Numba - 无法推断 List() 的类型
Numba - cannot infer type for List()
我正在尝试使用 numba 来加速 python 包的模糊搜索功能。我的计划是先按顺序使用 njit,然后在没有达到目标时转向并行。所以我将库中的原始函数转换为 numba 支持的类型。我正在使用类型列表而不是普通的 python 列表。 numba 抛出错误 “无法推断变量的类型 'candidates',类型不精确:ListType[undefined]”。我对为什么会出现此错误感到困惑?这不是声明类型化列表变量的方式吗?
我是 numba 的新手,所以欢迎任何关于加速的替代有效方法的建议。
@njit
def make_char2first_subseq_index(subsequence, max_l_dist):
d = Dict.empty(
key_type=types.unicode_type,
value_type=numba.int64,
)
for (index, char) in list(enumerate(subsequence[:max_l_dist + 1])):
d[char] = index
return d
@njit
def find_near_matches_levenshtein_linear_programming(subsequence, sequence,
max_l_dist):
if not subsequence:
raise ValueError('Given subsequence is empty!')

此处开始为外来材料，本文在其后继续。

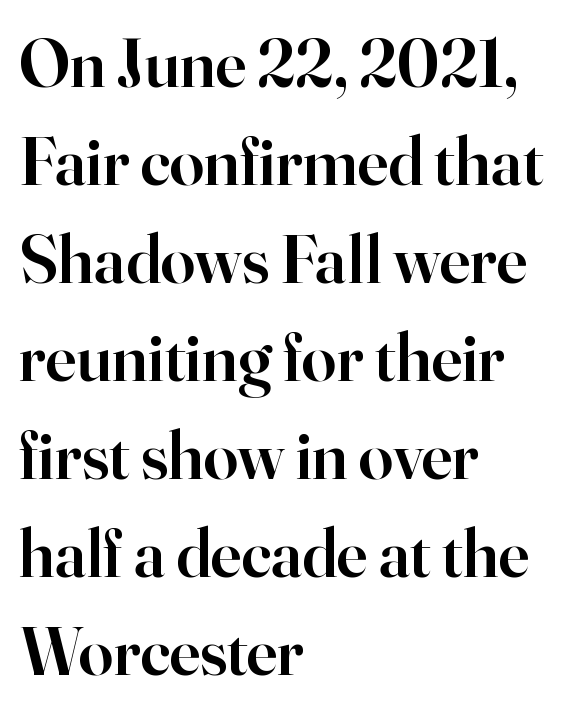
This sample uses an upright cut, with every glyph sitting square on the baseline. A typesetter would call this proportional, since set widths differ per character. Is this a sans? No — the strokes have serifs. Only glyphs here, with clear space below each row. The line texture is even and compact thanks to regular tracking. The lines are quadded left.

subseq_len = len(subsequence)
def make_match(start, end, dist):
# return Match(start, end, dist, matched=sequence[start:end])

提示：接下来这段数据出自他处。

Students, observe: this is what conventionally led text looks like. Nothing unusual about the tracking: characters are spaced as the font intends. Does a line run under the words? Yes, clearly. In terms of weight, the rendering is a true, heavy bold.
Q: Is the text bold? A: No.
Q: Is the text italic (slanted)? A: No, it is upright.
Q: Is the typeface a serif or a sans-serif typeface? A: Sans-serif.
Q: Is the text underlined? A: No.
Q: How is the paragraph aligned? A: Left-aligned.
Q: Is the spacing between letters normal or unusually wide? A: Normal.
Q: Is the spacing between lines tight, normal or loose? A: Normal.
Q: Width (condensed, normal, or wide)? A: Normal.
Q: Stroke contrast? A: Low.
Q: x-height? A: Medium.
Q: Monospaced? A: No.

return str(start) + " " + str(end) + " " + str(dist) + " " + str(sequence[start:end])
if max_l_dist >= subseq_len:
for index in range(len(sequence) + 1):
return make_match(index, index, subseq_len)
# optimization: prepare some often used things in advance
char2first_subseq_index = make_char2first_subseq_index(subsequence,
max_l_dist)
candidates = List()
for index, char in enumerate(sequence):
# print('/n new loop and the character is ', char)
new_candidates = List()
idx_in_subseq = char2first_subseq_index.get(char, None)

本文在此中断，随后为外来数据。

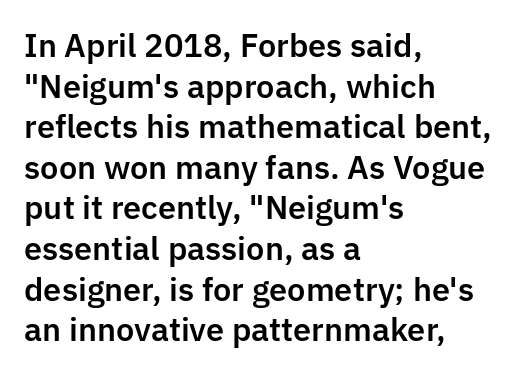
Q: Is the text italic (slanted)? A: No, it is upright.
Q: Is the typeface a serif or a sans-serif typeface? A: Sans-serif.
Q: Is the text underlined? A: No.
Q: How is the paragraph aligned? A: Left-aligned.
Q: Is the spacing between letters normal or unusually wide? A: Normal.
Q: Is the spacing between lines tight, normal or loose? A: Normal.
Q: Width (condensed, normal, or wide)? A: Normal.
Q: Stroke contrast? A: Low.
Q: x-height? A: Medium.
Q: Monospaced? A: No.
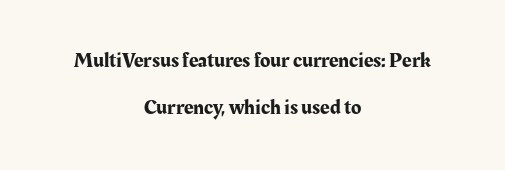
{"italic": "no", "underline": "no", "align": "center", "line_spacing": "loose", "line_spacing_ratio": 2.26, "letter_spacing": "normal", "letter_spacing_em": 0.0, "glyph_px": 21}

# print("idx_in_subseq ", idx_in_subseq)
if idx_in_subseq is not None:
if idx_in_subseq + 1 == subseq_len:
return make_match(index, index + 1, idx_in_subseq)
else:
new_candidates.append(List(index, idx_in_subseq + 1, idx_in_subseq))
# print(candidates, " new candidates ", new_candidates)
for cand in candidates:
# if this sequence char is the candidate's next expected char
if subsequence[cand[1]] == char:
# if reached the end of the subsequence, return a match
if cand[1] + 1 == subseq_len:
return make_match(cand[0], index + 1, cand[2])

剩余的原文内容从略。